Mata Arka beralih menatap Nabila yang sekarang sedang memegang ponsel untuk memposting sesuatu di grup Fac sekolah.

'Ternyata Ilham bisa marah juga. Dan dia mau kasih kue buat Hany setiap hari, gw iri'

"Ilham marah?" Arka membaca hasil ketikan Nabila dengan pandangan tidak percaya.

Nabila mengangguk, "Dia tadi mojokin Hany sambil memprotes sesuatu mengenai Ana. Gue terlalu terpaku sampai lupa ngambil fotonya."

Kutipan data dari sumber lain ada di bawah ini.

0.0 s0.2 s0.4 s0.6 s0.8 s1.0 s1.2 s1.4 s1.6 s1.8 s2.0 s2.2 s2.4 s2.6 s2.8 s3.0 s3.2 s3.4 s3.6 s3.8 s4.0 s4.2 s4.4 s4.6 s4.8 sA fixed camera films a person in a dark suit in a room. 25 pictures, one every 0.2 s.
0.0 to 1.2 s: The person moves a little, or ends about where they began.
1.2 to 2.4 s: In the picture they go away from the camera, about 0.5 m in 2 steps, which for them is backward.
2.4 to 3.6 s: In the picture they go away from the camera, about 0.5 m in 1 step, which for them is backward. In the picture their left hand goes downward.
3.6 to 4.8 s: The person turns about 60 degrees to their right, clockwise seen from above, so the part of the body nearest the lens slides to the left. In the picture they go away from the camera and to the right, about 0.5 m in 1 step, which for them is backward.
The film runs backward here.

Baru-baru ini Arka malas melihat Ilham diberitakan di grup sekolah, dia merasa kalah populer. Tapi untuk yang satu ini, Arka benar-benar merasa penasaran dan ingin lihat, "Ngomong-ngomong, lo suka kue buatan Ilham? Seharusnya kan lo suka dengan gue."

Nabila menatap Arka dengan mata berbinar senang, "Lo cemburu?"

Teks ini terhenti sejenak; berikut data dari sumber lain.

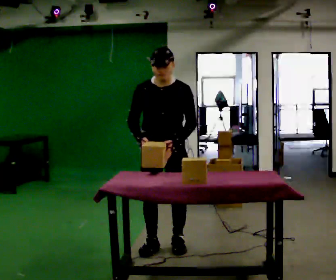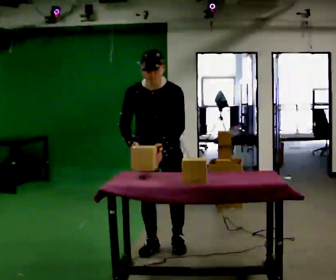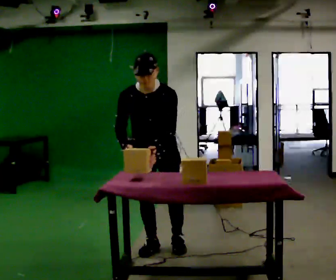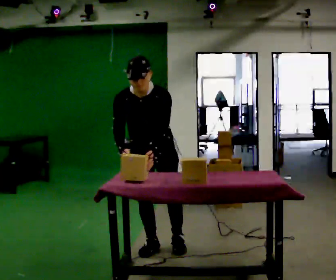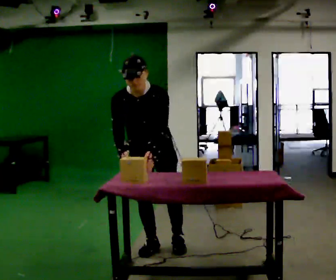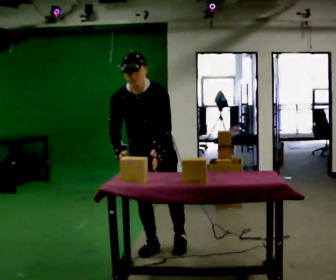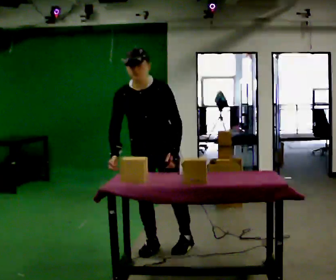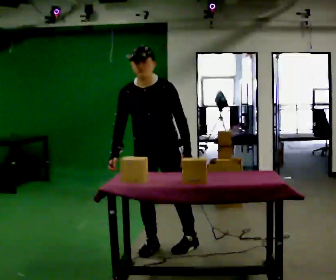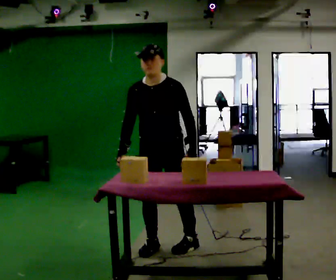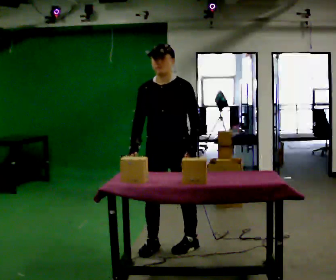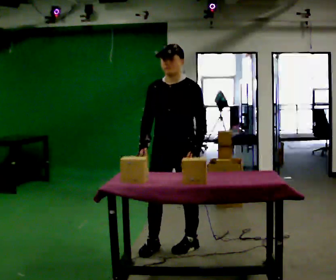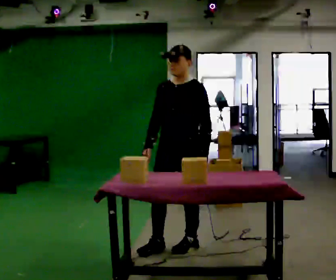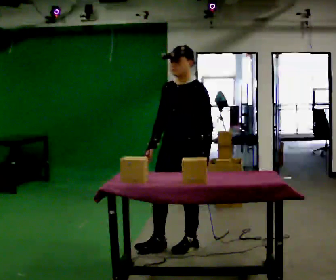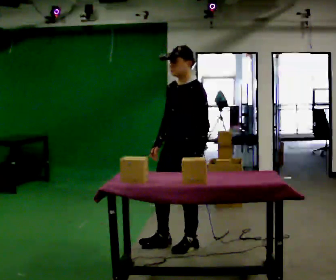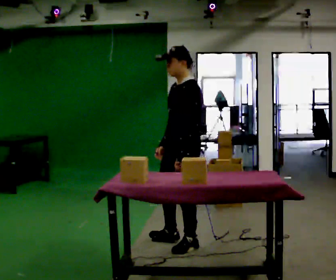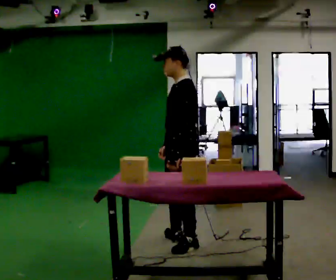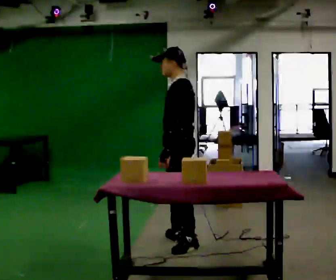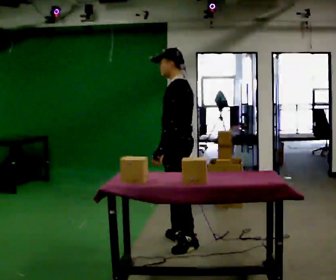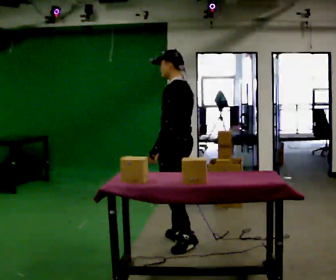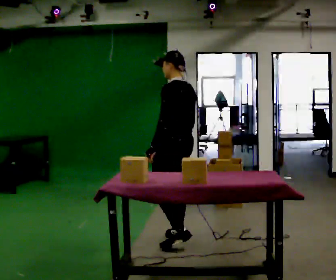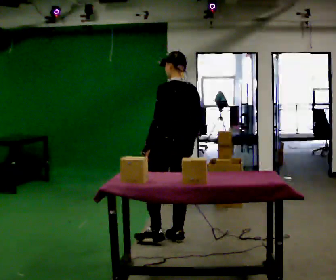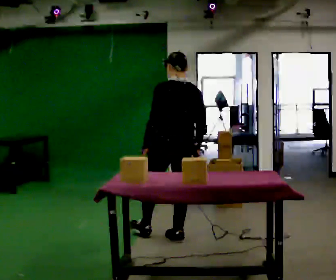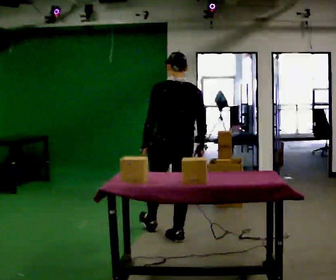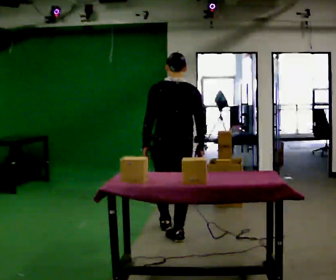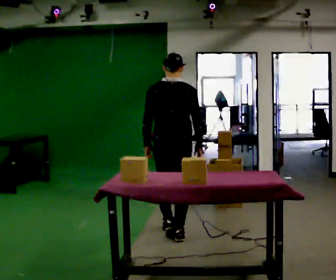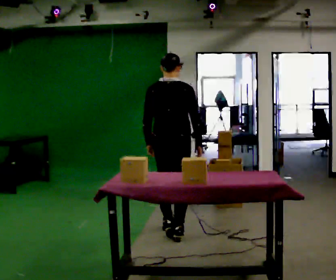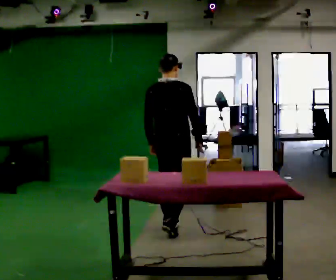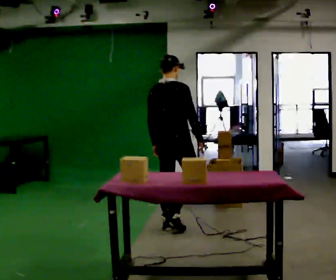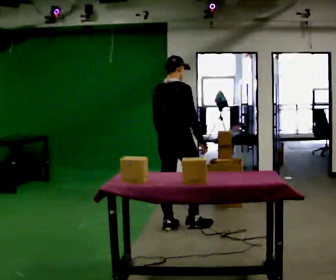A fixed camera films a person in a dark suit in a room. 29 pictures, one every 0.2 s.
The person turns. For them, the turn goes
to their right.
The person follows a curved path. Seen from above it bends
counterclockwise.
0.0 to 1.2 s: The person moves a little, or ends about where they began.
1.2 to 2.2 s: The person turns about 30 degrees to their right, clockwise seen from above, so the part of the body nearest the lens slides to the left. In the picture they go to the right, about 0.25 m, which for them is to their left. The upper body tips away from the camera, its near side rolling upward, as they lean back or straighten.
2.2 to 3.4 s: The person turns about 60 degrees to their right, clockwise seen from above, so the part of the body nearest the lens slides to the left. In the picture they go away from the camera, about 0.25 m in 1 step. In the picture their left hand goes to the left.
3.4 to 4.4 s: Seen from above the body turns clockwise, about 60 degrees: to their right, with its near side sliding to the left. In the picture they go away from the camera, about 0.25 m.
4.4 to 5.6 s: Seen from above the body turns clockwise, about 60 degrees: to their right, with its near side sliding to the left. In the picture they go away from the camera, about 0.25 m in 1 step, which for them is forward.
The film runs forward here.

"Gue nggak suka harus disamakan dengan Ilham."

"Tenang aja, jika ada pilihan harus makan kue buatan Ilham atau kencan dengan Arka. Gue lebih milih kencan dengan lo kok."

Arka mengelus kepala Nabila karena merasa sedikit puas, "Makasih udah selalu menjadikan gue nomor satu."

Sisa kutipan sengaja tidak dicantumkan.